**WHAT YOU HAVE TO DO:** When you return the data, keep every line exactly as it is and leave out the pictures.

EXERCISE MATERIAL below:

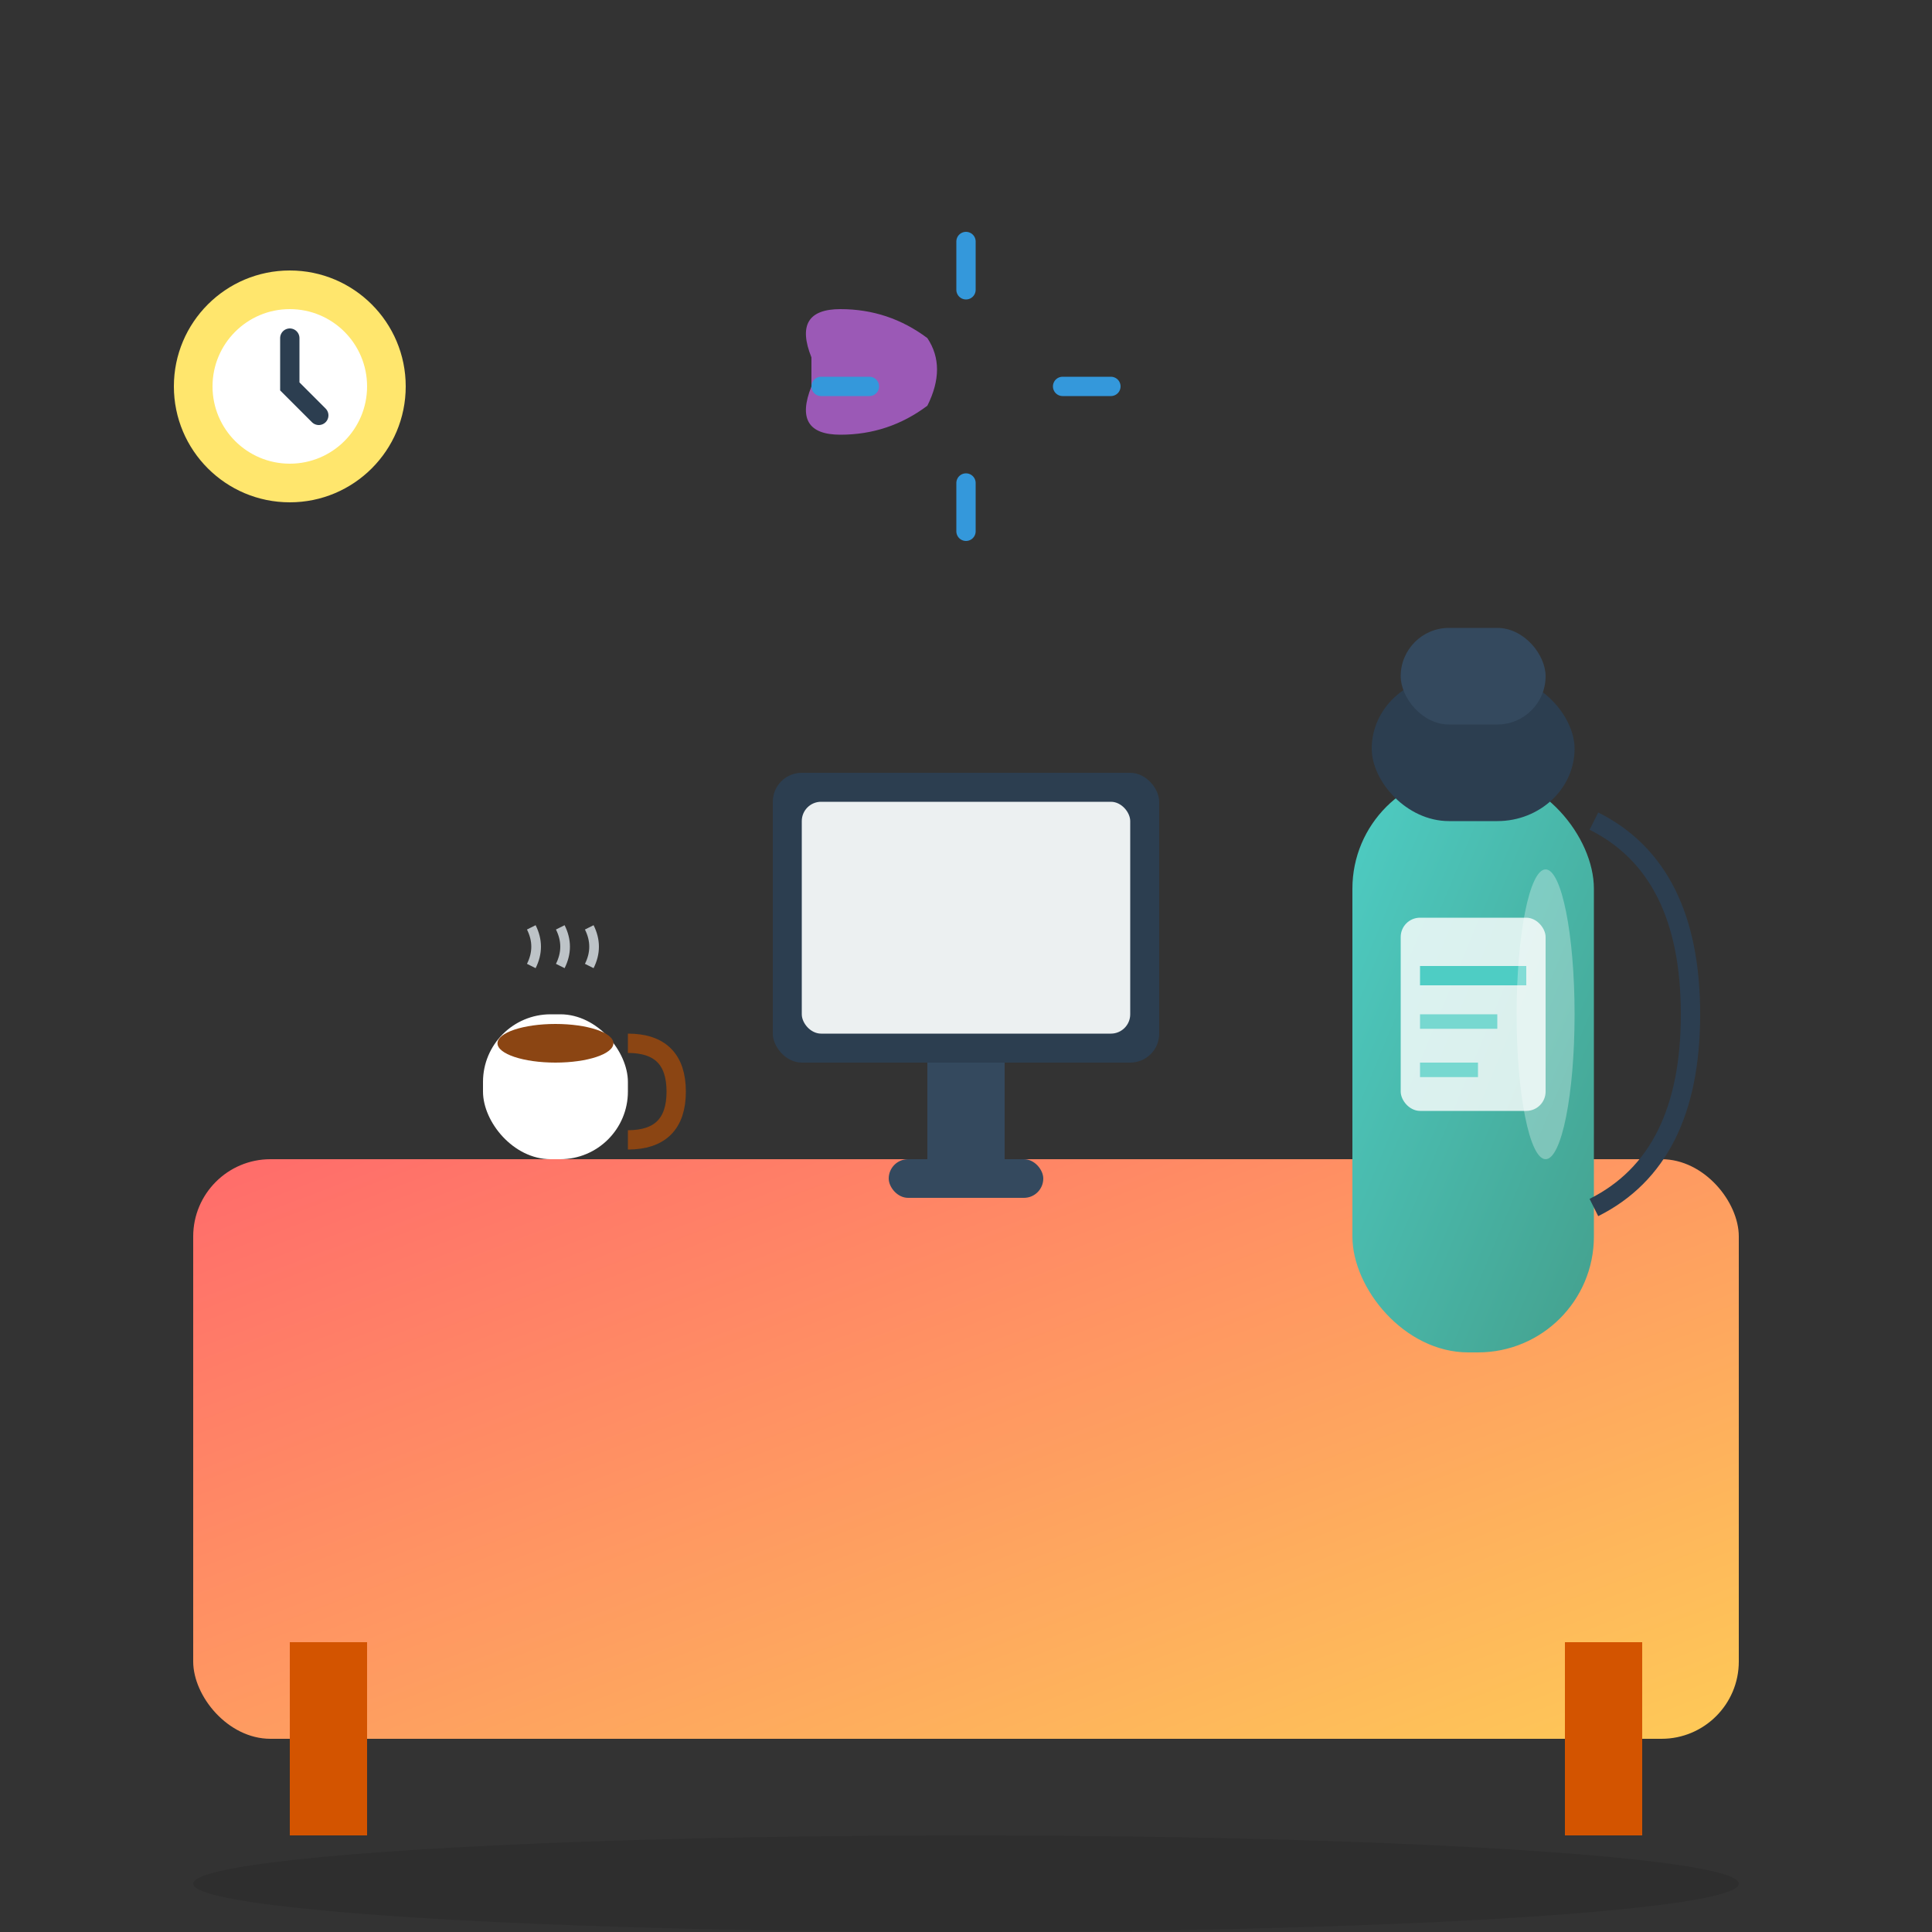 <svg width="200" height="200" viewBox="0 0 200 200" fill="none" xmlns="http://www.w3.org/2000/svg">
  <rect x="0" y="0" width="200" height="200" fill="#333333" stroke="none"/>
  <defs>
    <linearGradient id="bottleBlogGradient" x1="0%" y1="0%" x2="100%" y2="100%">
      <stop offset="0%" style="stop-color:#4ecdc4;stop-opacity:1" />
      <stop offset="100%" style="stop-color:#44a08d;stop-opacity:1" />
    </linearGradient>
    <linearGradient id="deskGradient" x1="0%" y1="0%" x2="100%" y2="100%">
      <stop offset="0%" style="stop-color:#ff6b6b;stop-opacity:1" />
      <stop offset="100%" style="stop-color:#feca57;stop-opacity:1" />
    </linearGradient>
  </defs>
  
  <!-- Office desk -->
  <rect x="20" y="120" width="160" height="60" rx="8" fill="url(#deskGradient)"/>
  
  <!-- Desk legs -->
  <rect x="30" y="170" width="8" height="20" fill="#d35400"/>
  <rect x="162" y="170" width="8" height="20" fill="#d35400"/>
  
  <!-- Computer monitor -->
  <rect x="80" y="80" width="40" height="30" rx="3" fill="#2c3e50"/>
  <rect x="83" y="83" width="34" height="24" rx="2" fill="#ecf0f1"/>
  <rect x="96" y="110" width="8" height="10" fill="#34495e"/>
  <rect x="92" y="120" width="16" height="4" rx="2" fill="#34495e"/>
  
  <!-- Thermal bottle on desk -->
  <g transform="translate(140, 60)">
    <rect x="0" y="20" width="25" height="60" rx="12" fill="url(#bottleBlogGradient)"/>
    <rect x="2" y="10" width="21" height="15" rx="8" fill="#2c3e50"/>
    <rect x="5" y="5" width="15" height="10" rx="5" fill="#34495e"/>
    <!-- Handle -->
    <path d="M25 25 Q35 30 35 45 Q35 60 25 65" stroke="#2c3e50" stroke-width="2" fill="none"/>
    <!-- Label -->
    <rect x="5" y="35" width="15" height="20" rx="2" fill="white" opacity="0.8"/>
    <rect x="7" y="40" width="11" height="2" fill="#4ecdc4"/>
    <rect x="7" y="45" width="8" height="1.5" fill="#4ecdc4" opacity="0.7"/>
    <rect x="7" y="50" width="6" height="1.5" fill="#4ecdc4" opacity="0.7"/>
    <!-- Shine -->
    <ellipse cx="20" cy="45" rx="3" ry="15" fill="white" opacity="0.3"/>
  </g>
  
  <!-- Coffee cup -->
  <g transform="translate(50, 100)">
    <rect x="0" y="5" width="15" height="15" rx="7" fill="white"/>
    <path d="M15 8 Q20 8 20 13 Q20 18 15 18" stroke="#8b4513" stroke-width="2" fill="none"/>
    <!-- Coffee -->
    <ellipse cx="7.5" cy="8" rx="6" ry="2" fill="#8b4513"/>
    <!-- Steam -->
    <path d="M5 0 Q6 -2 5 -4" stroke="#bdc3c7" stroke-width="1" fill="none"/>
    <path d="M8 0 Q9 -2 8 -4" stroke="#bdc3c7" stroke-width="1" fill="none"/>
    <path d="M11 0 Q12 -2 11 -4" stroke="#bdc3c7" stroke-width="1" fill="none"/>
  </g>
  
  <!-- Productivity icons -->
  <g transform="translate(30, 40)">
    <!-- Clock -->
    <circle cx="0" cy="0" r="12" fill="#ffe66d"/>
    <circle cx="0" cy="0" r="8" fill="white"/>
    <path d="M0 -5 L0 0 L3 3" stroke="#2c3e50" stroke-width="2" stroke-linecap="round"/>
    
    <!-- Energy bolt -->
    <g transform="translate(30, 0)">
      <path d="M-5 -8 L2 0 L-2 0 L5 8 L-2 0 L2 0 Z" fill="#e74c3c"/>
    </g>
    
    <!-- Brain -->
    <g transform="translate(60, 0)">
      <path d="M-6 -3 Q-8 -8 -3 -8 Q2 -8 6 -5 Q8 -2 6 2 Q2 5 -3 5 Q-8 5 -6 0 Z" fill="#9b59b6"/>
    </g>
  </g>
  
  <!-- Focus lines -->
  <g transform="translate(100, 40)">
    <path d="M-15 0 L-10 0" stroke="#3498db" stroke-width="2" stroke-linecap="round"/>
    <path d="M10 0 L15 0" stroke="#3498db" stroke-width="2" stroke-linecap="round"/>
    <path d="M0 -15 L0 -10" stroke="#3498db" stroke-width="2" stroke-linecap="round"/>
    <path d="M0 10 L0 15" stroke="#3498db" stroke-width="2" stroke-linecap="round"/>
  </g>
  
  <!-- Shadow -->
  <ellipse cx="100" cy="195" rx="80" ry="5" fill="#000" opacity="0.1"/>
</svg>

End of EXERCISE MATERIAL.

**OUTPUT:**
 <svg width="200" height="200" viewBox="0 0 200 200" fill="none" xmlns="http://www.w3.org/2000/svg">
  <rect x="0" y="0" width="200" height="200" fill="#333333" stroke="none"/>
  <defs>
    <linearGradient id="bottleBlogGradient" x1="0%" y1="0%" x2="100%" y2="100%">
      <stop offset="0%" style="stop-color:#4ecdc4;stop-opacity:1" />
      <stop offset="100%" style="stop-color:#44a08d;stop-opacity:1" />
    </linearGradient>
    <linearGradient id="deskGradient" x1="0%" y1="0%" x2="100%" y2="100%">
      <stop offset="0%" style="stop-color:#ff6b6b;stop-opacity:1" />
      <stop offset="100%" style="stop-color:#feca57;stop-opacity:1" />
    </linearGradient>
  </defs>
  
  <!-- Office desk -->
  <rect x="20" y="120" width="160" height="60" rx="8" fill="url(#deskGradient)"/>
  
  <!-- Desk legs -->
  <rect x="30" y="170" width="8" height="20" fill="#d35400"/>
  <rect x="162" y="170" width="8" height="20" fill="#d35400"/>
  
  <!-- Computer monitor -->
  <rect x="80" y="80" width="40" height="30" rx="3" fill="#2c3e50"/>
  <rect x="83" y="83" width="34" height="24" rx="2" fill="#ecf0f1"/>
  <rect x="96" y="110" width="8" height="10" fill="#34495e"/>
  <rect x="92" y="120" width="16" height="4" rx="2" fill="#34495e"/>
  
  <!-- Thermal bottle on desk -->
  <g transform="translate(140, 60)">
    <rect x="0" y="20" width="25" height="60" rx="12" fill="url(#bottleBlogGradient)"/>
    <rect x="2" y="10" width="21" height="15" rx="8" fill="#2c3e50"/>
    <rect x="5" y="5" width="15" height="10" rx="5" fill="#34495e"/>
    <!-- Handle -->
    <path d="M25 25 Q35 30 35 45 Q35 60 25 65" stroke="#2c3e50" stroke-width="2" fill="none"/>
    <!-- Label -->
    <rect x="5" y="35" width="15" height="20" rx="2" fill="white" opacity="0.8"/>
    <rect x="7" y="40" width="11" height="2" fill="#4ecdc4"/>
    <rect x="7" y="45" width="8" height="1.5" fill="#4ecdc4" opacity="0.7"/>
    <rect x="7" y="50" width="6" height="1.5" fill="#4ecdc4" opacity="0.7"/>
    <!-- Shine -->
    <ellipse cx="20" cy="45" rx="3" ry="15" fill="white" opacity="0.3"/>
  </g>
  
  <!-- Coffee cup -->
  <g transform="translate(50, 100)">
    <rect x="0" y="5" width="15" height="15" rx="7" fill="white"/>
    <path d="M15 8 Q20 8 20 13 Q20 18 15 18" stroke="#8b4513" stroke-width="2" fill="none"/>
    <!-- Coffee -->
    <ellipse cx="7.5" cy="8" rx="6" ry="2" fill="#8b4513"/>
    <!-- Steam -->
    <path d="M5 0 Q6 -2 5 -4" stroke="#bdc3c7" stroke-width="1" fill="none"/>
    <path d="M8 0 Q9 -2 8 -4" stroke="#bdc3c7" stroke-width="1" fill="none"/>
    <path d="M11 0 Q12 -2 11 -4" stroke="#bdc3c7" stroke-width="1" fill="none"/>
  </g>
  
  <!-- Productivity icons -->
  <g transform="translate(30, 40)">
    <!-- Clock -->
    <circle cx="0" cy="0" r="12" fill="#ffe66d"/>
    <circle cx="0" cy="0" r="8" fill="white"/>
    <path d="M0 -5 L0 0 L3 3" stroke="#2c3e50" stroke-width="2" stroke-linecap="round"/>
    
    <!-- Energy bolt -->
    <g transform="translate(30, 0)">
      <path d="M-5 -8 L2 0 L-2 0 L5 8 L-2 0 L2 0 Z" fill="#e74c3c"/>
    </g>
    
    <!-- Brain -->
    <g transform="translate(60, 0)">
      <path d="M-6 -3 Q-8 -8 -3 -8 Q2 -8 6 -5 Q8 -2 6 2 Q2 5 -3 5 Q-8 5 -6 0 Z" fill="#9b59b6"/>
    </g>
  </g>
  
  <!-- Focus lines -->
  <g transform="translate(100, 40)">
    <path d="M-15 0 L-10 0" stroke="#3498db" stroke-width="2" stroke-linecap="round"/>
    <path d="M10 0 L15 0" stroke="#3498db" stroke-width="2" stroke-linecap="round"/>
    <path d="M0 -15 L0 -10" stroke="#3498db" stroke-width="2" stroke-linecap="round"/>
    <path d="M0 10 L0 15" stroke="#3498db" stroke-width="2" stroke-linecap="round"/>
  </g>
  
  <!-- Shadow -->
  <ellipse cx="100" cy="195" rx="80" ry="5" fill="#000" opacity="0.1"/>
</svg>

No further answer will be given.